In science itself I certainly want to include the farthest flights of physics and cosmology, as well as experimental psychology, history, and the social sciences. Also, mathematics, insofar at least as it is applied, for it is indispensable to natural science. What then am I excluding as "some prior philosophy," and why? Descartes' dualism between mind and body is called metaphysics, but it could as well be reckoned as science, however false. He even had a causal theory of the interaction of mind and body through the pineal gland. If I saw indirect explanatory benefit in positing sensibilia, possibilia, spirits, a Creator, I would joyfully accord them scientific status too, on a par with such avowedly scientific positions as quarks and black holes. What then have I banned under the name of prior philosophy? ¶ Demarcation is not my purpose. My point in the characterization of naturalism ... is just that the most we can reasonably seek in support of an inventory and description of reality is testability of it observable consequences in the time-honored hypothetico-deductive way — whereof more anon. Naturalism need not cast aspersion on irresponsible metaphysics, however deserved, much less on soft sciences or on the speculative reaches of the hard ones, except insofar as a firmer basis is claimed for them than the experimental method itself.
Willard V. Quine on Objectivity said...
Word and Object, 1964
The philosopher's task differs from the others', then, in detail; but
in no such drastic way as those suppose who imagine for the philosopher
a vantage point outside the conceptual scheme that he takes in charge.
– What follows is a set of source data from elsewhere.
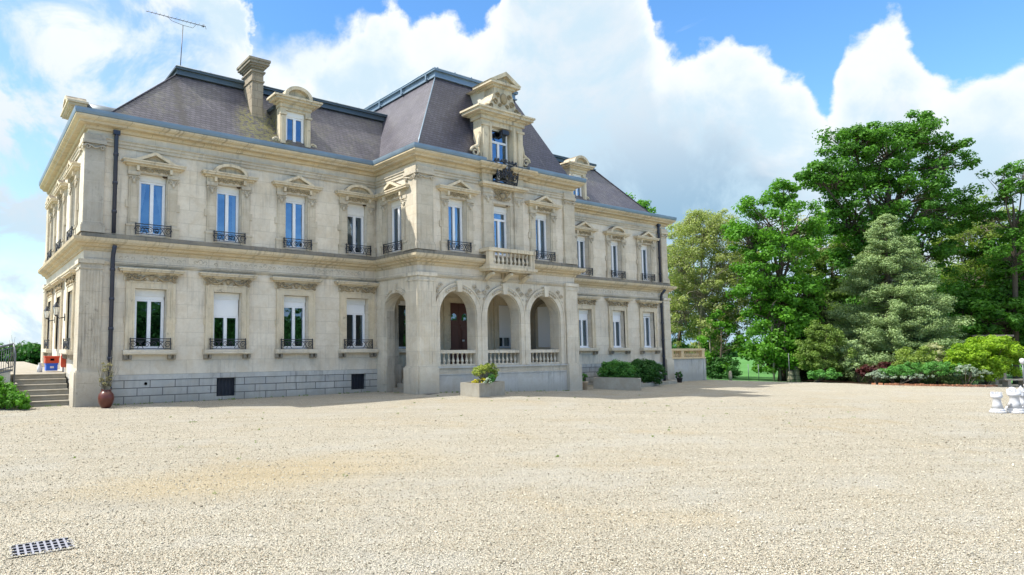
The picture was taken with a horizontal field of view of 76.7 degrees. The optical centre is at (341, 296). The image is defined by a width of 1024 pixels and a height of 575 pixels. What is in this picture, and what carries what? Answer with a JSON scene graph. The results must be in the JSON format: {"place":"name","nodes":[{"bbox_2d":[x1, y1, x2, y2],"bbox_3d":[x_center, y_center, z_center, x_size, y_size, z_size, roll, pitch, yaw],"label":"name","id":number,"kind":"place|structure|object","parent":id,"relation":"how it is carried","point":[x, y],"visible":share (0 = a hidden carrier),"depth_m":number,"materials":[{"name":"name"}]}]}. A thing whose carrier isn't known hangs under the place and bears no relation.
{"place":"outdoors","nodes":[
{"label":"outdoors","id":0,"kind":"place"},
{"bbox_2d":[0,362,65,382],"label":"terrace","id":1,"kind":"structure","parent":0,"point":[25,368],"depth_m":27.24,"materials":[{"name":"stone"}]},
{"bbox_2d":[8,340,20,371],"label":"bare twig","id":2,"kind":"object","parent":1,"relation":"on","point":[12,355],"visible":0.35,"depth_m":25.13,"materials":[{"name":"brown plant"}]},
{"bbox_2d":[37,363,41,371],"bbox_3d":[-11.960,2.822,24.538,0.200,0.360,0.190,3,-5,-31],"label":"bottle","id":3,"kind":"object","parent":1,"relation":"on","point":[39,368],"visible":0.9,"depth_m":24.47,"materials":[{"name":"white plastic"}]},
{"bbox_2d":[44,363,57,370],"bbox_3d":[-11.671,2.830,24.891,0.460,0.300,0.540,3,-5,-31],"label":"plastic crate","id":4,"kind":"object","parent":1,"relation":"on","point":[51,366],"visible":0.97,"depth_m":24.67,"materials":[{"name":"blue plastic"}]},
{"bbox_2d":[43,356,59,362],"bbox_3d":[-11.664,2.539,24.901,0.540,0.278,0.610,3,-5,-31],"label":"plastic crate","id":5,"kind":"object","parent":4,"relation":"on","point":[51,359],"visible":1,"depth_m":24.65,"materials":[{"name":"red plastic"}]},
{"bbox_2d":[0,380,1023,574],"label":"gravel court","id":6,"kind":"object","parent":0,"point":[511,403],"visible":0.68,"depth_m":9.64,"materials":[{"name":"beige gravel"}]},
{"bbox_2d":[0,368,17,406],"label":"garden wall","id":7,"kind":"structure","parent":6,"relation":"on","point":[6,374],"depth_m":21.79,"materials":[{"name":"stone"}]},
{"bbox_2d":[0,343,15,383],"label":"ramp railing","id":8,"kind":"object","parent":7,"relation":"on","point":[14,352],"visible":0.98,"depth_m":21.30,"materials":[{"name":"grey metal"}]},
{"bbox_2d":[0,375,31,409],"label":"shrub","id":9,"kind":"object","parent":6,"relation":"on","point":[11,398],"visible":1,"depth_m":20.33,"materials":[{"name":"green plant"}]},
{"bbox_2d":[15,373,68,407],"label":"stone steps","id":10,"kind":"structure","parent":6,"relation":"on","point":[46,389],"depth_m":22.27,"materials":[{"name":"beige stone"}]},
{"bbox_2d":[9,537,74,557],"bbox_3d":[-3.115,2.608,6.444,0.604,0.012,0.425,3,-5,-31],"label":"drain cover","id":11,"kind":"object","parent":6,"relation":"on","point":[32,548],"visible":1,"depth_m":6.44,"materials":[{"name":"metal"}]},
{"bbox_2d":[98,389,113,407],"bbox_3d":[-7.944,3.455,20.895,0.530,0.620,0.522,3,-5,-31],"label":"plant pot","id":12,"kind":"object","parent":6,"relation":"on","point":[105,398],"visible":1,"depth_m":20.71,"materials":[{"name":"ceramic"}]},
{"bbox_2d":[99,362,112,389],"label":"dry shrub","id":13,"kind":"object","parent":12,"relation":"in","point":[105,384],"visible":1,"depth_m":20.89,"materials":[{"name":"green plant"}]},
{"bbox_2d":[94,352,118,389],"bbox_3d":[-7.940,2.546,20.979,0.476,1.453,0.823,-3,-5,30],"label":"long twig","id":14,"kind":"object","parent":12,"relation":"in","point":[105,372],"visible":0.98,"depth_m":20.89,"materials":[{"name":"brown plant"}]},
{"bbox_2d":[460,381,504,397],"bbox_3d":[5.657,3.703,24.776,0.850,0.560,1.953,-4,-6,44],"label":"planter","id":15,"kind":"object","parent":6,"relation":"on","point":[480,390],"visible":0.79,"depth_m":24.23,"materials":[{"name":"concrete"}]},
{"bbox_2d":[471,378,485,382],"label":"flower","id":16,"kind":"object","parent":15,"relation":"on","point":[482,380],"visible":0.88,"depth_m":24.32,"materials":[{"name":"yellow plant"}]},
{"bbox_2d":[472,363,498,379],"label":"shrub","id":17,"kind":"object","parent":15,"relation":"on","point":[483,371],"visible":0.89,"depth_m":24.74,"materials":[{"name":"green plant"}]},
{"bbox_2d":[483,377,491,383],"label":"trailing plant","id":18,"kind":"object","parent":15,"relation":"on","point":[487,380],"visible":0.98,"depth_m":24.21,"materials":[{"name":"plant"}]},
{"bbox_2d":[488,368,497,381],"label":"shrub","id":19,"kind":"object","parent":15,"relation":"on","point":[492,378],"visible":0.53,"depth_m":24.73,"materials":[{"name":"green plant"}]},
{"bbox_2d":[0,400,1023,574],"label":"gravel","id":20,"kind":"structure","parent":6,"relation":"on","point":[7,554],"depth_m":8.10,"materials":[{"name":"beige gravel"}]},
{"bbox_2d":[582,381,587,389],"bbox_3d":[12.103,4.447,30.866,0.381,0.420,0.371,3,-5,-31],"label":"flower pot","id":21,"kind":"object","parent":6,"relation":"on","point":[585,384],"visible":0.72,"depth_m":30.73,"materials":[{"name":"ceramic"}]},
{"bbox_2d":[582,373,587,380],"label":"pot plant","id":22,"kind":"object","parent":21,"relation":"in","point":[584,376],"visible":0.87,"depth_m":30.87,"materials":[{"name":"green plant"}]},
{"bbox_2d":[593,377,640,390],"bbox_3d":[14.028,4.452,31.526,2.150,0.600,0.850,-3,-5,30],"label":"planter","id":23,"kind":"object","parent":6,"relation":"on","point":[615,383],"visible":0.87,"depth_m":31.16,"materials":[{"name":"concrete"}]},
{"bbox_2d":[596,359,635,377],"bbox_3d":[15.103,4.228,34.092,1.833,1.556,1.960,3,-5,-31],"label":"hedge","id":24,"kind":"object","parent":23,"relation":"in","point":[616,368],"visible":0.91,"depth_m":33.83,"materials":[{"name":"green plant"}]},
{"bbox_2d":[623,357,667,384],"bbox_3d":[17.076,4.295,35.110,3.158,1.639,1.992,3,-5,-31],"label":"bush","id":25,"kind":"object","parent":6,"relation":"on","point":[647,370],"visible":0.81,"depth_m":34.79,"materials":[{"name":"green plant"}]},
{"bbox_2d":[641,379,676,387],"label":"stone kerb","id":26,"kind":"structure","parent":6,"relation":"on","point":[666,382],"depth_m":36.03,"materials":[{"name":"concrete"}]},
{"bbox_2d":[803,380,954,384],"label":"flower bed soil","id":27,"kind":"structure","parent":6,"relation":"on","point":[859,383],"depth_m":41.67,"materials":[{"name":"brown soil"}]},
{"bbox_2d":[833,338,877,382],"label":"shrub","id":28,"kind":"object","parent":27,"relation":"on","point":[858,361],"visible":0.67,"depth_m":41.16,"materials":[{"name":"green plant"}]},
{"bbox_2d":[856,364,887,383],"bbox_3d":[33.898,4.957,39.539,1.870,1.323,1.217,1,-5,-7],"label":"shrub","id":29,"kind":"object","parent":27,"relation":"on","point":[862,370],"visible":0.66,"depth_m":39.41,"materials":[{"name":"red plant"}]},
{"bbox_2d":[866,369,887,383],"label":"silver plant","id":30,"kind":"object","parent":27,"relation":"on","point":[876,374],"visible":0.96,"depth_m":38.70,"materials":[{"name":"green plant"}]},
{"bbox_2d":[870,360,901,382],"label":"shrub","id":31,"kind":"object","parent":27,"relation":"on","point":[886,364],"visible":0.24,"depth_m":40.73,"materials":[{"name":"red plant"}]},
{"bbox_2d":[881,373,934,383],"bbox_3d":[34.721,5.109,38.057,2.700,0.792,1.666,-1,-5,10],"label":"silver plant","id":32,"kind":"object","parent":27,"relation":"on","point":[910,377],"visible":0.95,"depth_m":38.05,"materials":[{"name":"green plant"}]},
{"bbox_2d":[891,345,939,383],"bbox_3d":[36.583,4.388,39.514,2.958,2.573,2.396,3,-5,-31],"label":"shrub","id":33,"kind":"object","parent":27,"relation":"on","point":[899,356],"visible":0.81,"depth_m":39.45,"materials":[{"name":"green plant"}]},
{"bbox_2d":[879,361,964,383],"bbox_3d":[36.095,4.780,38.536,4.977,1.549,2.032,0,-5,-4],"label":"herb","id":34,"kind":"object","parent":27,"relation":"on","point":[926,368],"visible":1,"depth_m":38.31,"materials":[{"name":"green plant"}]},
{"bbox_2d":[925,342,946,383],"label":"shrub","id":35,"kind":"object","parent":27,"relation":"on","point":[933,345],"visible":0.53,"depth_m":40.30,"materials":[{"name":"beige plant"}]},
{"bbox_2d":[954,364,992,384],"bbox_3d":[38.572,4.850,37.976,2.160,1.408,1.164,1,-5,-11],"label":"silver plant","id":36,"kind":"object","parent":27,"relation":"on","point":[966,372],"visible":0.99,"depth_m":37.90,"materials":[{"name":"green plant"}]},
{"bbox_2d":[871,383,997,386],"bbox_3d":[36.676,5.448,37.840,7.814,0.310,1.064,0,-5,0],"label":"brick edging","id":37,"kind":"object","parent":6,"relation":"on","point":[971,385],"visible":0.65,"depth_m":37.47,"materials":[{"name":"red brick"}]},
{"bbox_2d":[943,334,1023,384],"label":"shrub","id":38,"kind":"object","parent":6,"relation":"on","point":[998,356],"visible":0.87,"depth_m":38.70,"materials":[{"name":"green plant"}]},
{"bbox_2d":[989,392,1006,413],"bbox_3d":[21.872,3.541,20.667,0.420,0.700,0.420,3,-5,-31],"label":"chess rook","id":39,"kind":"object","parent":6,"relation":"on","point":[996,397],"visible":0.96,"depth_m":20.59,"materials":[{"name":"white plastic"}]},
{"bbox_2d":[999,379,1023,386],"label":"stone bench","id":40,"kind":"object","parent":6,"relation":"on","point":[1006,382],"visible":0.76,"depth_m":38.09,"materials":[{"name":"stone"}]},
{"bbox_2d":[1005,389,1023,413],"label":"chess rook","id":41,"kind":"object","parent":6,"relation":"on","point":[1014,395],"visible":0.91,"depth_m":20.53,"materials":[{"name":"white plastic"}]},
{"bbox_2d":[1018,386,1023,405],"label":"chess bishop","id":42,"kind":"object","parent":6,"relation":"on","point":[1021,397],"visible":0.48,"depth_m":21.54,"materials":[{"name":"white plastic"}]},
{"bbox_2d":[1019,358,1023,388],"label":"garden lamp","id":43,"kind":"object","parent":6,"relation":"on","point":[1021,360],"visible":0.98,"depth_m":35.99,"materials":[{"name":"white plastic"}]},
{"bbox_2d":[0,0,1023,346],"label":"sky","id":44,"kind":"structure","parent":0,"point":[680,105],"materials":[{"name":"blue"}]},
{"bbox_2d":[7,347,1022,383],"bbox_3d":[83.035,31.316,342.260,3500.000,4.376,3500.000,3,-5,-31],"label":"ground","id":45,"kind":"structure","parent":0,"point":[753,375],"depth_m":70.26,"materials":[{"name":"green plant"}]},
{"bbox_2d":[0,340,40,364],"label":"hillside wood","id":46,"kind":"object","parent":45,"relation":"on","point":[29,352],"visible":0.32,"depth_m":92.92,"materials":[{"name":"green plant"}]},
{"bbox_2d":[38,55,676,406],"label":"mansion","id":47,"kind":"structure","parent":45,"relation":"on","point":[213,236],"depth_m":26.48,"materials":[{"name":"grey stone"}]},
{"bbox_2d":[41,284,54,355],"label":"window","id":48,"kind":"structure","parent":47,"relation":"in","point":[49,288],"depth_m":28.62,"materials":[{"name":"stone"}]},
{"bbox_2d":[44,306,54,322],"bbox_3d":[-13.098,0.821,27.761,0.484,0.760,0.242,3,-5,-31],"label":"wall lantern","id":49,"kind":"object","parent":47,"relation":"attached to","point":[46,312],"depth_m":27.66,"materials":[{"name":"glass"}]},
{"bbox_2d":[45,195,57,260],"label":"window","id":50,"kind":"structure","parent":47,"relation":"in","point":[52,201],"depth_m":29.13,"materials":[{"name":"stone"}]},
{"bbox_2d":[50,277,64,348],"bbox_3d":[-12.065,1.221,26.482,0.570,3.840,2.400,3,-5,-31],"label":"side door","id":51,"kind":"structure","parent":47,"relation":"in","point":[58,282],"depth_m":25.94,"materials":[{"name":"beige stone"}]},
{"bbox_2d":[53,302,64,320],"bbox_3d":[-11.430,0.605,25.039,0.484,0.760,0.242,3,-5,-31],"label":"wall lantern","id":52,"kind":"object","parent":47,"relation":"attached to","point":[56,306],"depth_m":24.93,"materials":[{"name":"glass"}]},
{"bbox_2d":[53,180,67,252],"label":"window","id":53,"kind":"structure","parent":47,"relation":"in","point":[60,192],"depth_m":26.29,"materials":[{"name":"stone"}]},
{"bbox_2d":[60,354,65,366],"bbox_3d":[-10.956,2.539,24.383,0.170,0.500,0.250,3,-5,-31],"label":"wall box","id":54,"kind":"object","parent":47,"relation":"attached to","point":[63,362],"visible":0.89,"depth_m":24.27,"materials":[{"name":"red plastic"}]},
{"bbox_2d":[59,269,76,359],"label":"window","id":55,"kind":"structure","parent":47,"relation":"in","point":[70,275],"depth_m":23.19,"materials":[{"name":"stone"}]},
{"bbox_2d":[63,160,80,241],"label":"window","id":56,"kind":"structure","parent":47,"relation":"in","point":[72,175],"depth_m":23.54,"materials":[{"name":"stone"}]},
{"bbox_2d":[118,267,185,359],"bbox_3d":[-7.040,0.667,22.805,2.400,3.320,0.570,3,-5,-31],"label":"window","id":57,"kind":"structure","parent":47,"relation":"in","point":[143,319],"depth_m":22.89,"materials":[{"name":"stone"}]},
{"bbox_2d":[122,152,186,239],"bbox_3d":[-7.076,-3.760,23.211,2.340,3.170,0.740,3,-5,-31],"label":"window","id":58,"kind":"structure","parent":47,"relation":"in","point":[145,203],"depth_m":23.24,"materials":[{"name":"stone"}]},
{"bbox_2d":[147,11,205,65],"bbox_3d":[-6.944,-10.570,25.973,2.540,2.586,0.312,3,-5,-31],"label":"tv aerial","id":59,"kind":"object","parent":47,"relation":"attached to","point":[182,28],"visible":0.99,"depth_m":26.09,"materials":[{"name":"silver metal"}]},
{"bbox_2d":[198,272,258,358],"bbox_3d":[-4.497,0.788,24.353,2.400,3.320,0.570,3,-5,-31],"label":"window","id":60,"kind":"structure","parent":47,"relation":"in","point":[221,309],"depth_m":24.43,"materials":[{"name":"stone"}]},
{"bbox_2d":[201,164,258,245],"bbox_3d":[-4.533,-3.639,24.760,2.340,3.170,0.740,3,-5,-31],"label":"window","id":61,"kind":"structure","parent":47,"relation":"in","point":[222,211],"depth_m":24.79,"materials":[{"name":"stone"}]},
{"bbox_2d":[270,276,323,357],"bbox_3d":[-1.920,0.911,25.923,2.400,3.320,0.570,3,-5,-31],"label":"window","id":62,"kind":"structure","parent":47,"relation":"in","point":[290,316],"depth_m":26.01,"materials":[{"name":"stone"}]},
{"bbox_2d":[271,175,323,251],"bbox_3d":[-1.916,-3.521,26.265,2.340,3.170,0.590,3,-5,-31],"label":"window","id":63,"kind":"structure","parent":47,"relation":"in","point":[289,220],"depth_m":26.36,"materials":[{"name":"stone"}]},
{"bbox_2d":[334,185,378,256],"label":"window","id":64,"kind":"structure","parent":47,"relation":"in","point":[350,227],"depth_m":27.95,"materials":[{"name":"plastic"}]},
{"bbox_2d":[334,280,379,356],"bbox_3d":[0.683,1.036,27.508,2.400,3.320,0.570,3,-5,-31],"label":"window","id":65,"kind":"structure","parent":47,"relation":"in","point":[352,316],"depth_m":27.61,"materials":[{"name":"stone"}]},
{"bbox_2d":[374,181,408,255],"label":"window","id":66,"kind":"structure","parent":47,"relation":"in","point":[392,191],"depth_m":27.30,"materials":[{"name":"stone"}]},
{"bbox_2d":[398,295,405,352],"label":"window","id":67,"kind":"structure","parent":47,"relation":"in","point":[401,309],"depth_m":29.09,"materials":[{"name":"plastic"}]},
{"bbox_2d":[442,297,467,363],"bbox_3d":[5.870,1.702,30.695,2.356,3.250,0.265,3,-5,-31],"label":"front door","id":68,"kind":"structure","parent":47,"relation":"in","point":[454,326],"depth_m":30.60,"materials":[{"name":"brown wood"}]},
{"bbox_2d":[436,179,480,253],"bbox_3d":[4.980,-3.465,27.001,2.340,3.170,0.740,3,-5,-31],"label":"window","id":69,"kind":"structure","parent":47,"relation":"in","point":[450,223],"depth_m":27.05,"materials":[{"name":"stone"}]},
{"bbox_2d":[494,206,506,255],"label":"window","id":70,"kind":"structure","parent":47,"relation":"in","point":[500,241],"depth_m":28.60,"materials":[{"name":"plastic"}]},
{"bbox_2d":[493,300,510,349],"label":"window","id":71,"kind":"structure","parent":47,"relation":"in","point":[501,314],"depth_m":32.35,"materials":[{"name":"plastic"}]},
{"bbox_2d":[525,195,562,262],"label":"window","id":72,"kind":"structure","parent":47,"relation":"in","point":[543,204],"depth_m":29.88,"materials":[{"name":"stone"}]},
{"bbox_2d":[575,221,598,276],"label":"window","id":73,"kind":"structure","parent":47,"relation":"in","point":[583,228],"depth_m":36.14,"materials":[{"name":"stone"}]},
{"bbox_2d":[577,296,600,354],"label":"window","id":74,"kind":"structure","parent":47,"relation":"in","point":[584,302],"depth_m":35.81,"materials":[{"name":"plastic"}]},
{"bbox_2d":[602,226,630,279],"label":"window","id":75,"kind":"structure","parent":47,"relation":"in","point":[617,233],"depth_m":37.65,"materials":[{"name":"stone"}]},
{"bbox_2d":[604,298,633,353],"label":"window","id":76,"kind":"structure","parent":47,"relation":"in","point":[617,304],"depth_m":37.34,"materials":[{"name":"stone"}]},
{"bbox_2d":[633,231,659,281],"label":"window","id":77,"kind":"structure","parent":47,"relation":"in","point":[647,238],"depth_m":39.22,"materials":[{"name":"stone"}]},
{"bbox_2d":[635,300,662,353],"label":"window","id":78,"kind":"structure","parent":47,"relation":"in","point":[645,306],"depth_m":38.92,"materials":[{"name":"stone"}]},
{"bbox_2d":[626,192,656,212],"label":"deciduous tree","id":79,"kind":"object","parent":45,"relation":"on","point":[644,203],"visible":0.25,"depth_m":61.34,"materials":[{"name":"green plant"}]},
{"bbox_2d":[672,348,706,380],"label":"terrace wall","id":80,"kind":"structure","parent":45,"relation":"on","point":[691,367],"depth_m":41.04,"materials":[{"name":"grey concrete"}]},
{"bbox_2d":[667,247,720,356],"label":"deciduous tree","id":81,"kind":"object","parent":45,"relation":"on","point":[678,338],"visible":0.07,"depth_m":57.86,"materials":[{"name":"green plant"}]},
{"bbox_2d":[709,326,712,378],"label":"young tree","id":82,"kind":"object","parent":45,"relation":"on","point":[710,344],"visible":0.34,"depth_m":47.73,"materials":[{"name":"brown plant"}]},
{"bbox_2d":[706,359,720,377],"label":"shrub","id":83,"kind":"object","parent":45,"relation":"on","point":[710,372],"visible":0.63,"depth_m":46.77,"materials":[{"name":"green plant"}]},
{"bbox_2d":[672,343,765,356],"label":"wood","id":84,"kind":"object","parent":45,"relation":"on","point":[733,354],"visible":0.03,"depth_m":195.99,"materials":[{"name":"green plant"}]},
{"bbox_2d":[689,302,750,378],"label":"deciduous tree","id":85,"kind":"object","parent":45,"relation":"on","point":[730,329],"visible":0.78,"depth_m":47.45,"materials":[{"name":"green plant"}]},
{"bbox_2d":[665,208,776,350],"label":"deciduous tree","id":86,"kind":"object","parent":45,"relation":"on","point":[706,238],"visible":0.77,"depth_m":49.94,"materials":[{"name":"green plant"}]},
{"bbox_2d":[707,355,742,378],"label":"shrub","id":87,"kind":"object","parent":45,"relation":"on","point":[734,370],"visible":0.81,"depth_m":46.35,"materials":[{"name":"green plant"}]},
{"bbox_2d":[771,326,774,380],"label":"young tree","id":88,"kind":"object","parent":45,"relation":"on","point":[773,363],"visible":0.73,"depth_m":44.04,"materials":[{"name":"brown plant"}]},
{"bbox_2d":[719,177,831,380],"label":"deciduous tree","id":89,"kind":"object","parent":45,"relation":"on","point":[766,288],"visible":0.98,"depth_m":45.09,"materials":[{"name":"green plant"}]},
{"bbox_2d":[777,325,781,380],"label":"young tree","id":90,"kind":"object","parent":45,"relation":"on","point":[780,378],"visible":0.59,"depth_m":44.62,"materials":[{"name":"brown plant"}]},
{"bbox_2d":[784,325,787,381],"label":"young tree","id":91,"kind":"object","parent":45,"relation":"on","point":[786,368],"visible":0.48,"depth_m":44.23,"materials":[{"name":"brown plant"}]},
{"bbox_2d":[787,370,794,381],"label":"stone post","id":92,"kind":"object","parent":45,"relation":"on","point":[792,378],"visible":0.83,"depth_m":43.35,"materials":[{"name":"stone"}]},
{"bbox_2d":[793,366,800,381],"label":"tree stump","id":93,"kind":"object","parent":45,"relation":"on","point":[797,375],"visible":0.93,"depth_m":43.36,"materials":[{"name":"wood"}]},
{"bbox_2d":[789,276,851,382],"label":"spruce tree","id":94,"kind":"object","parent":45,"relation":"on","point":[803,375],"visible":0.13,"depth_m":45.60,"materials":[{"name":"green plant"}]},
{"bbox_2d":[793,320,856,381],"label":"shrub","id":95,"kind":"object","parent":45,"relation":"on","point":[823,347],"visible":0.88,"depth_m":41.71,"materials":[{"name":"green plant"}]},
{"bbox_2d":[807,368,842,382],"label":"ground cover plant","id":96,"kind":"object","parent":45,"relation":"on","point":[821,374],"visible":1,"depth_m":40.26,"materials":[{"name":"green plant"}]},
{"bbox_2d":[794,211,868,278],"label":"deciduous tree","id":97,"kind":"object","parent":45,"relation":"on","point":[818,249],"visible":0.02,"depth_m":65.42,"materials":[{"name":"green plant"}]},
{"bbox_2d":[783,238,882,334],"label":"deciduous tree","id":98,"kind":"object","parent":45,"relation":"on","point":[821,266],"visible":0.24,"depth_m":56.66,"materials":[{"name":"green plant"}]},
{"bbox_2d":[740,262,1023,366],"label":"park wood","id":99,"kind":"object","parent":45,"relation":"on","point":[756,362],"visible":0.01,"depth_m":73.08,"materials":[{"name":"green plant"}]},
{"bbox_2d":[792,109,988,352],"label":"oak tree","id":100,"kind":"object","parent":45,"relation":"on","point":[836,182],"visible":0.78,"depth_m":51.38,"materials":[{"name":"green plant"}]},
{"bbox_2d":[823,213,984,384],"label":"pine tree","id":101,"kind":"object","parent":45,"relation":"on","point":[872,331],"visible":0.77,"depth_m":43.17,"materials":[{"name":"green plant"}]},
{"bbox_2d":[926,194,1023,376],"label":"deciduous tree","id":102,"kind":"object","parent":45,"relation":"on","point":[977,231],"visible":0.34,"depth_m":56.07,"materials":[{"name":"green plant"}]},
{"bbox_2d":[936,222,1022,320],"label":"deciduous tree","id":103,"kind":"object","parent":45,"relation":"on","point":[982,249],"visible":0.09,"depth_m":55.85,"materials":[{"name":"green plant"}]},
{"bbox_2d":[940,257,1023,383],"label":"deciduous tree","id":104,"kind":"object","parent":45,"relation":"on","point":[997,301],"visible":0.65,"depth_m":50.35,"materials":[{"name":"green plant"}]},
{"bbox_2d":[972,335,1013,383],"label":"stone shelter","id":105,"kind":"object","parent":45,"relation":"on","point":[998,381],"visible":0.2,"depth_m":43.55,"materials":[{"name":"grey stone"}]},
{"bbox_2d":[968,159,1023,383],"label":"deciduous tree","id":106,"kind":"object","parent":45,"relation":"on","point":[1014,250],"visible":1,"depth_m":49.98,"materials":[{"name":"green plant"}]},
{"bbox_3d":[21.342,5.296,39.104,0.381,0.300,0.371,3,-5,-31],"label":"flower pot","id":107,"kind":"object","parent":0,"visible":0},
{"bbox_2d":[675,371,682,377],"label":"pot plant","id":108,"kind":"object","parent":107,"relation":"in","point":[678,375],"visible":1,"depth_m":39.12,"materials":[{"name":"green plant"}]}
]}

There is no such cosmic exile. He cannot study and revise the
fundamental conceptual scheme of science and common sense without
having some conceptual scheme, whether the same or another no less in
need of philosophical scrutiny, in which to work. He can scrutinize and
improve the system from within, appealing to coherence and simplicity;
but this is the theoretician's method generally. He has recourse to
semantic assent, but so has the scientist. And if the theoretical
scientist in his remote way is bound to save the eventual connections
with non-verbal stimulation, the philosopher in his remoter way is
bound to save them too. True, no experiment may be expected to settle
an ontological issue; but this is only because such issues are
connected with surface irritations in such multifarious ways, through
such a maze of intervening theory.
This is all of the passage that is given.